Everything from the line containing "Q: How is the" to the last line of the listing below should be restated exactly, both ends included, with nothing added and the pictures omitted.

---+---

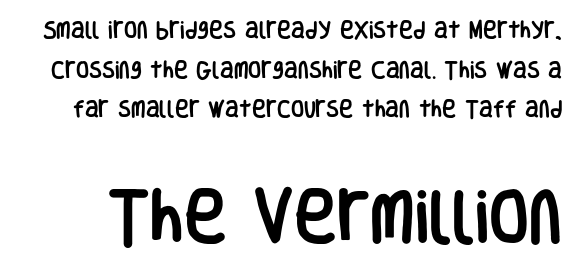
Serifs: no, the terminals of the letterforms are clean. Spacing verdict: proportional, widths tailored to each character. Unmarked baselines from the first word to the last. Inter-character spacing is left at the font's built-in metrics.
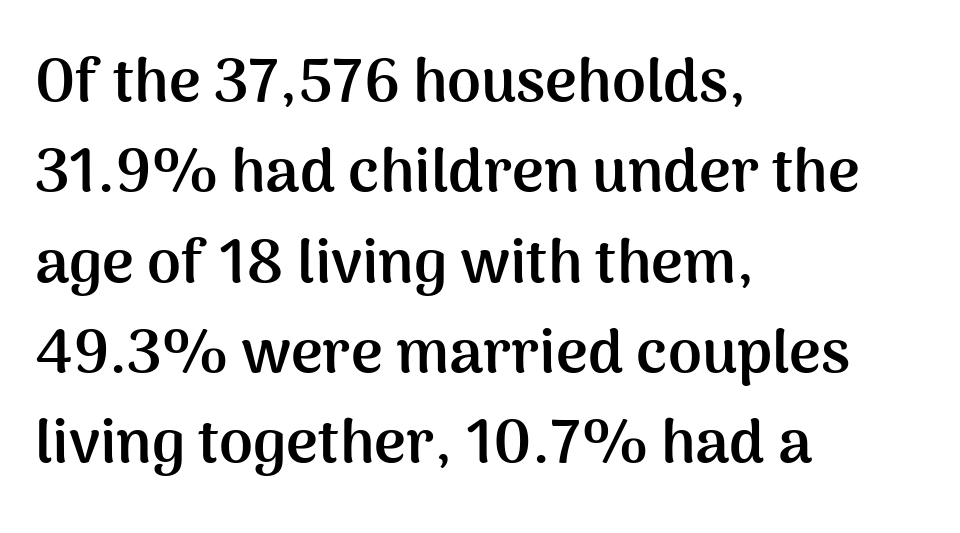
Q: Is the text bold? A: Yes.
Q: Is the text italic (slanted)? A: No, it is upright.
Q: Is the typeface a serif or a sans-serif typeface? A: Sans-serif.
Q: Is the text underlined? A: No.
Q: How is the paragraph aligned? A: Left-aligned.
Q: Is the spacing between letters normal or unusually wide? A: Normal.
Q: Is the spacing between lines tight, normal or loose? A: Normal.
Q: Width (condensed, normal, or wide)? A: Normal.
Q: Stroke contrast? A: Medium.
Q: x-height? A: Medium.
Q: Monospaced? A: No.
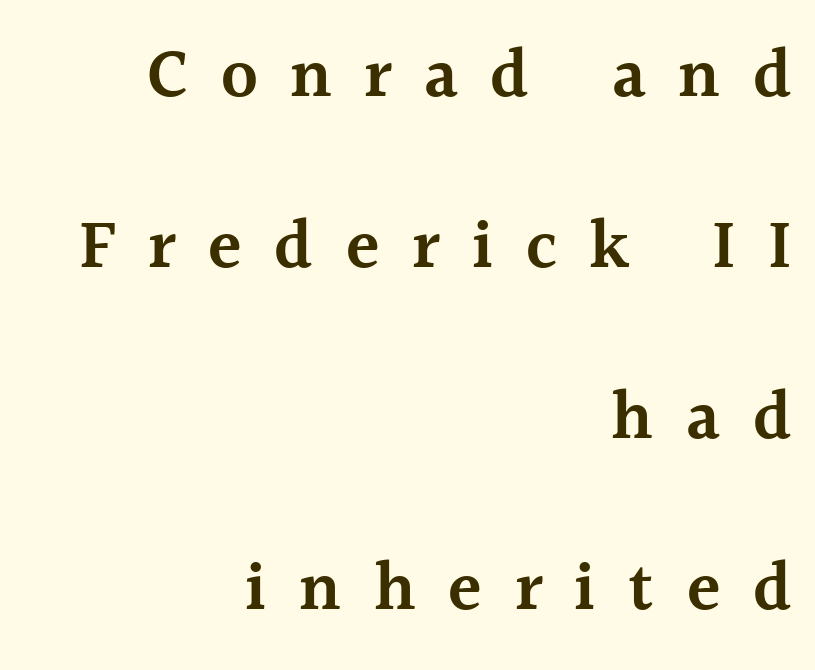
The image shows 69 px semibold serif type, upright; set right-aligned, loose line spacing (2.48x), unusually wide letter spacing (+0.47 em), not underlined; a medium x-height.
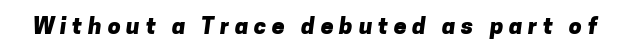
Q: Is the text bold? A: Yes.
Q: Is the text underlined? A: No.
Q: Is the spacing between letters normal or unusually wide? A: Unusually wide.
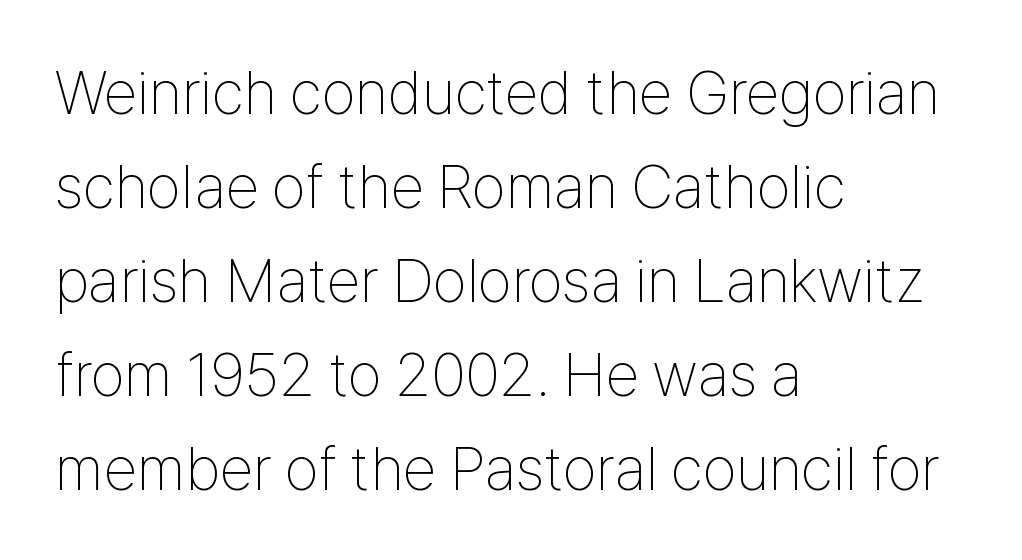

---+---

◆ **RESPONSE TO THE EXERCISE**
Q: How is the paragraph aligned? A: Left-aligned.
Q: Is the spacing between letters normal or unusually wide? A: Normal.
Q: Is the spacing between lines tight, normal or loose? A: Normal.
Q: Width (condensed, normal, or wide)? A: Normal.
Q: Stroke contrast? A: Medium.
Q: x-height? A: Medium.
Q: Monospaced? A: No.
The image shows 69 px semibold serif type, upright; set right-aligned, loose line spacing (2.48x), unusually wide letter spacing (+0.47 em), not underlined; a medium x-height.
Q: Is the text bold? A: Yes.
Q: Is the text underlined? A: No.
Q: Is the spacing between letters normal or unusually wide? A: Unusually wide.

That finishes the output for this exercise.